# Supplied data:
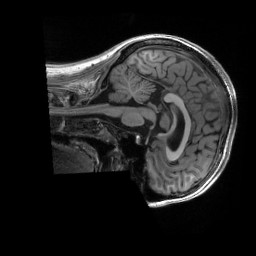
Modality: T1w
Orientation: sagittal
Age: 22
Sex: female
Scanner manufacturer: siemens
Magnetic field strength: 3 T
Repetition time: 2.53 s
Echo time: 0.0033 s
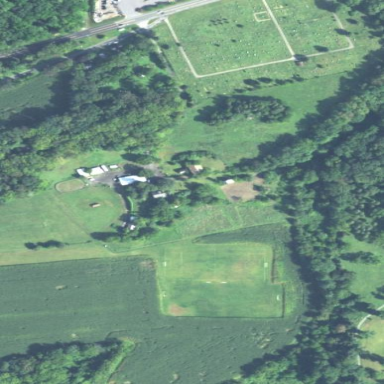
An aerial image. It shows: Farmyard area.
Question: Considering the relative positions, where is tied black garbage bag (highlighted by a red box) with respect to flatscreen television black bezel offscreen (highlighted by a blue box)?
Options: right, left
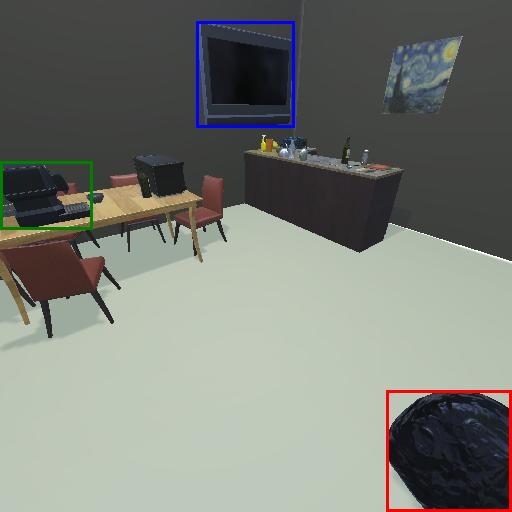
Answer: right
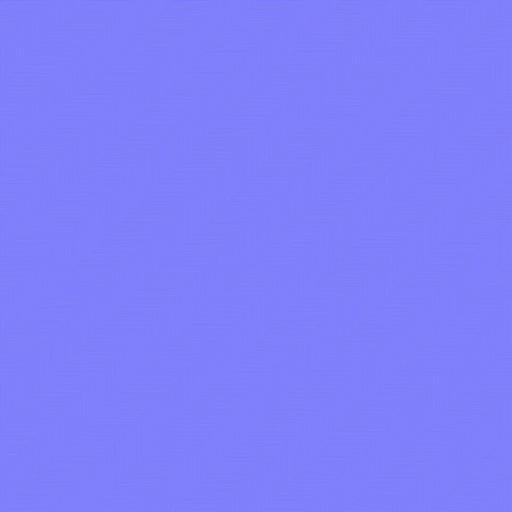
floor flooring parquet wood
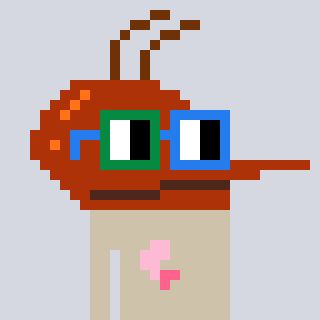
a pixel art character with square green and blue glasses, a mosquito-shaped head and a bege-colored body on a cool background
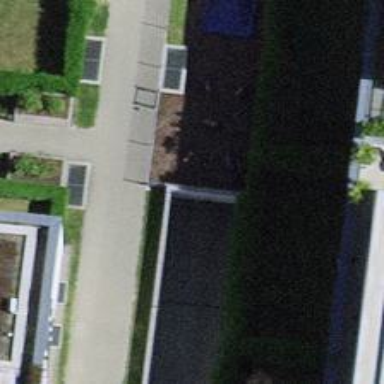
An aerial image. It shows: Parking entrance.
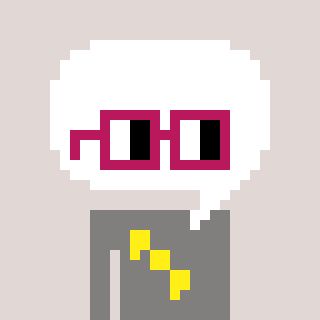
a pixel art character with square dark red glasses, a speech bubble-shaped head and a bluegrey-colored body on a warm background
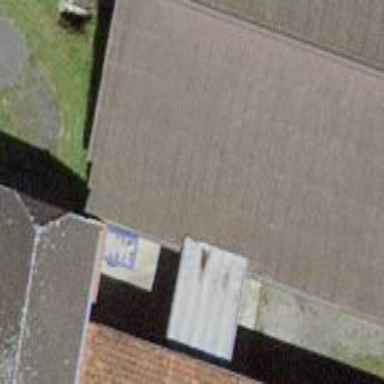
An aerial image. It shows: Rural barn.
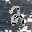
Label: 2
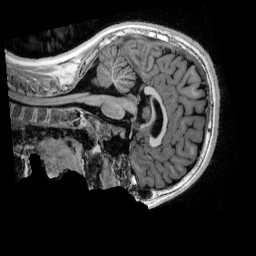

# Task statement:
When you transcribe the entries above, keep every word exact and leave out the pictures.

# Exercise answer:
Modality: T1w
Orientation: sagittal
Age: 22
Sex: female
Scanner manufacturer: siemens
Magnetic field strength: 3 T
Repetition time: 2.53 s
Echo time: 0.0033 s
An aerial image. It shows: Farmyard area.
Question: Considering the relative positions, where is tied black garbage bag (highlighted by a red box) with respect to flatscreen television black bezel offscreen (highlighted by a blue box)?
Options: right, left
Answer: right
floor flooring parquet wood
a pixel art character with square green and blue glasses, a mosquito-shaped head and a bege-colored body on a cool background
An aerial image. It shows: Parking entrance.
a pixel art character with square dark red glasses, a speech bubble-shaped head and a bluegrey-colored body on a warm background
An aerial image. It shows: Rural barn.
Label: 2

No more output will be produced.